╭─ Task material

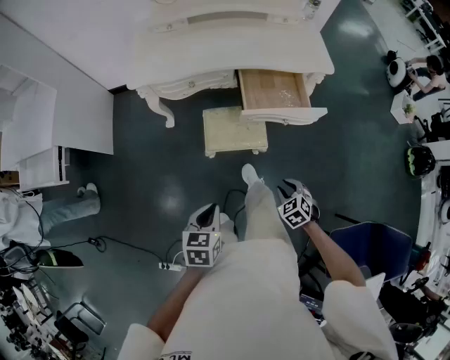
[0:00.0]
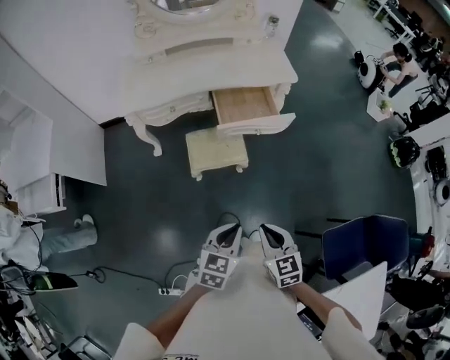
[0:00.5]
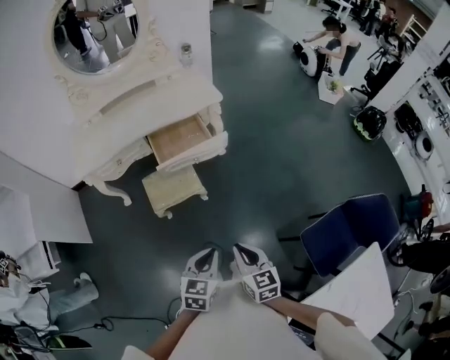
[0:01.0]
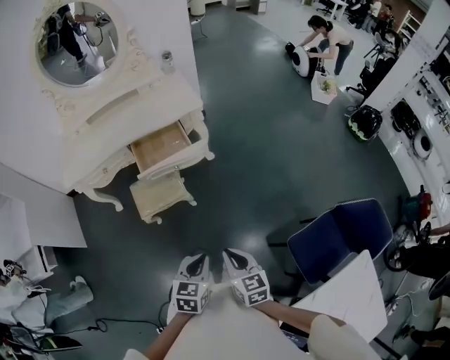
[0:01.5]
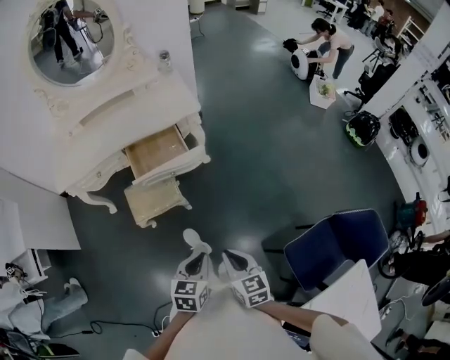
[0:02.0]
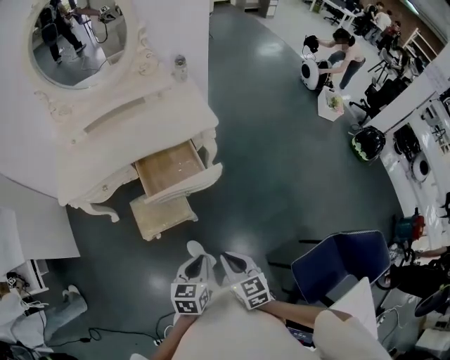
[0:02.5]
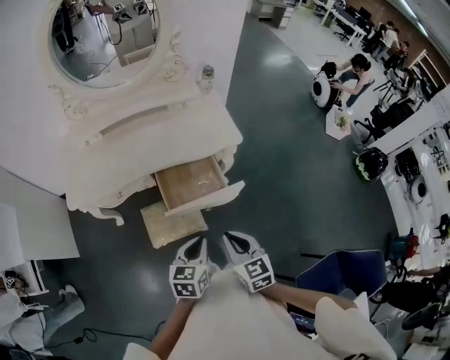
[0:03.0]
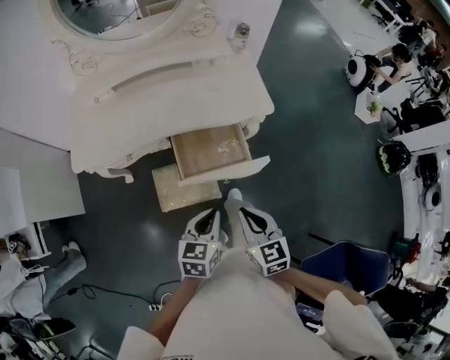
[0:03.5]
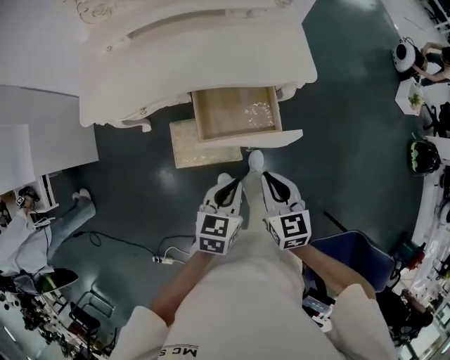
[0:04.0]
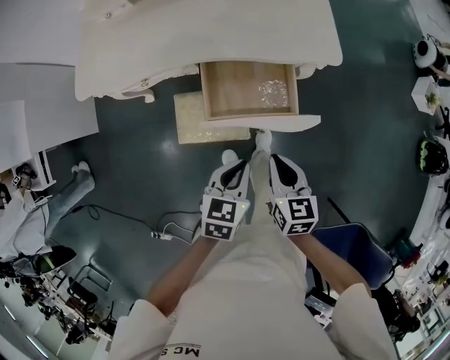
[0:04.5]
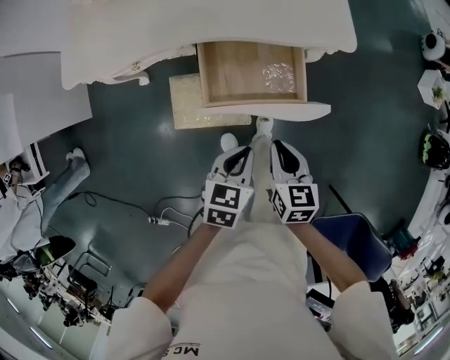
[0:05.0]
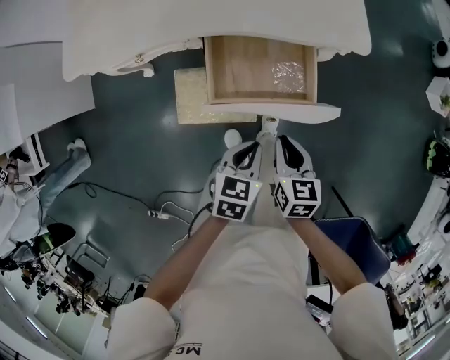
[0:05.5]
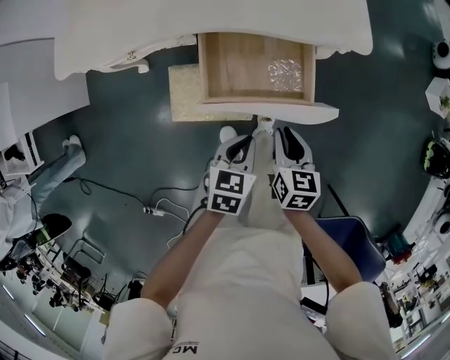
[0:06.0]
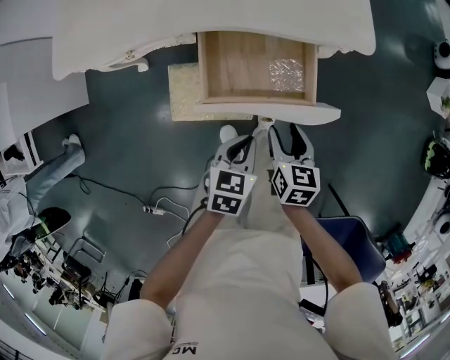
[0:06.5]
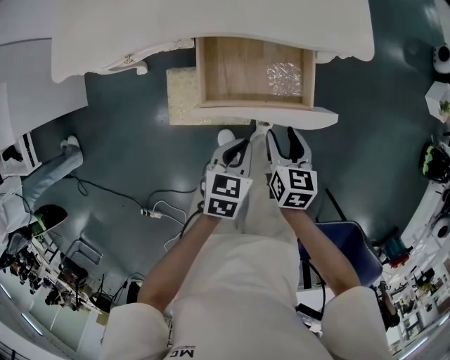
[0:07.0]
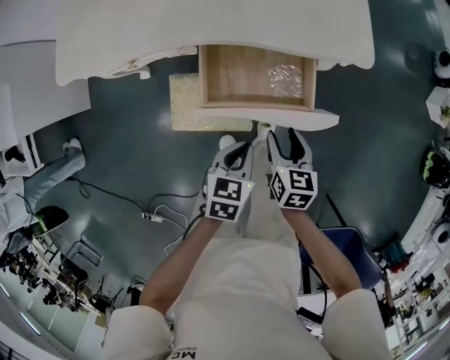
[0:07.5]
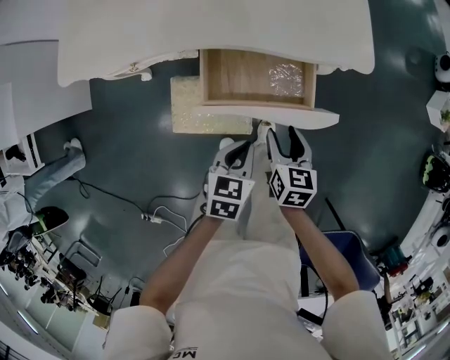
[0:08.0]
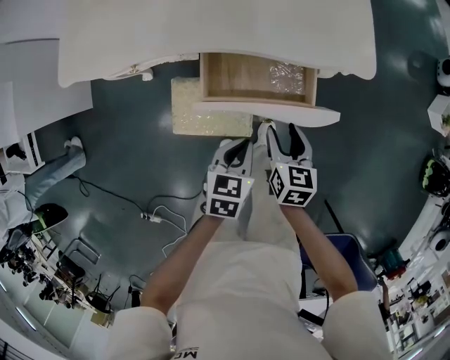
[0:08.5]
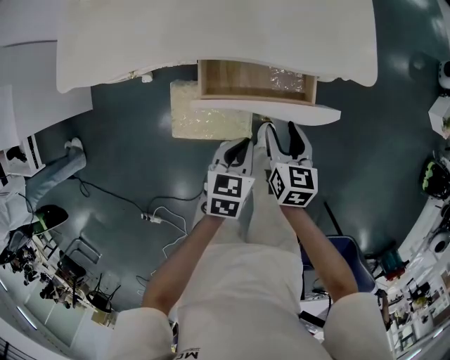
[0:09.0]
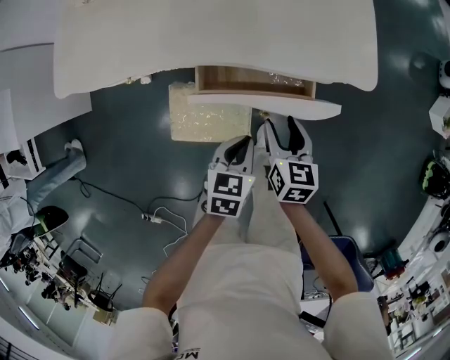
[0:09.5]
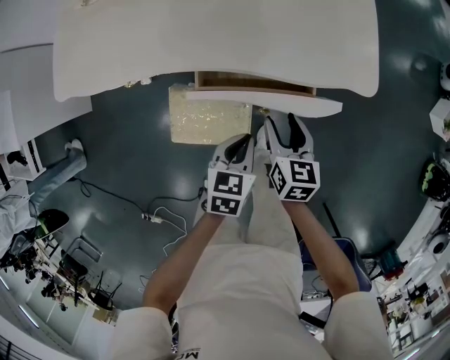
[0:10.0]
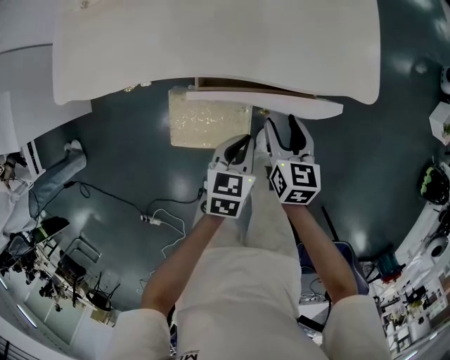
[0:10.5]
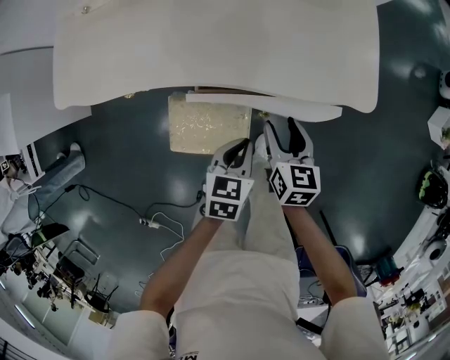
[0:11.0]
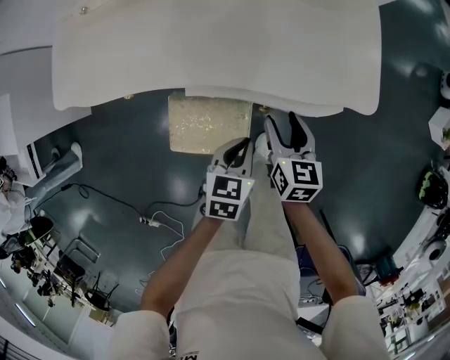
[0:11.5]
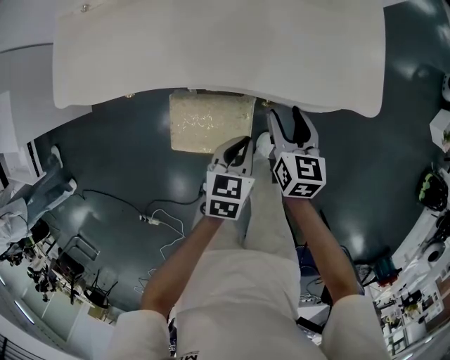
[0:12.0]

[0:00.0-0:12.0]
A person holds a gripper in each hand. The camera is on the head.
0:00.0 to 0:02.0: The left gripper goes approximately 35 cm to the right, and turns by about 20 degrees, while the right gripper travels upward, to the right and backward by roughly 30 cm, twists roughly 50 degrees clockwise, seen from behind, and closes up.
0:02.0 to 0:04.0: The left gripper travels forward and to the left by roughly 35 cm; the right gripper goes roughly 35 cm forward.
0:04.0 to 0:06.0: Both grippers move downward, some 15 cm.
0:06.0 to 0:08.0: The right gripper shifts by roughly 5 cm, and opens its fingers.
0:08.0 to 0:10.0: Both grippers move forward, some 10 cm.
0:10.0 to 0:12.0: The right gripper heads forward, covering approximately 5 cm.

╰─

▶ **Activity**
Repeat all the records above exactly, leaving out any pictures.

▶ **Reply to the task**
[0:00.0]
[0:00.5]
[0:01.0]
[0:01.5]
[0:02.0]
[0:02.5]
[0:03.0]
[0:03.5]
[0:04.0]
[0:04.5]
[0:05.0]
[0:05.5]
[0:06.0]
[0:06.5]
[0:07.0]
[0:07.5]
[0:08.0]
[0:08.5]
[0:09.0]
[0:09.5]
[0:10.0]
[0:10.5]
[0:11.0]
[0:11.5]
[0:12.0]

[0:00.0-0:12.0]
A person holds a gripper in each hand. The camera is on the head.
0:00.0 to 0:02.0: The left gripper goes approximately 35 cm to the right, and turns by about 20 degrees, while the right gripper travels upward, to the right and backward by roughly 30 cm, twists roughly 50 degrees clockwise, seen from behind, and closes up.
0:02.0 to 0:04.0: The left gripper travels forward and to the left by roughly 35 cm; the right gripper goes roughly 35 cm forward.
0:04.0 to 0:06.0: Both grippers move downward, some 15 cm.
0:06.0 to 0:08.0: The right gripper shifts by roughly 5 cm, and opens its fingers.
0:08.0 to 0:10.0: Both grippers move forward, some 10 cm.
0:10.0 to 0:12.0: The right gripper heads forward, covering approximately 5 cm.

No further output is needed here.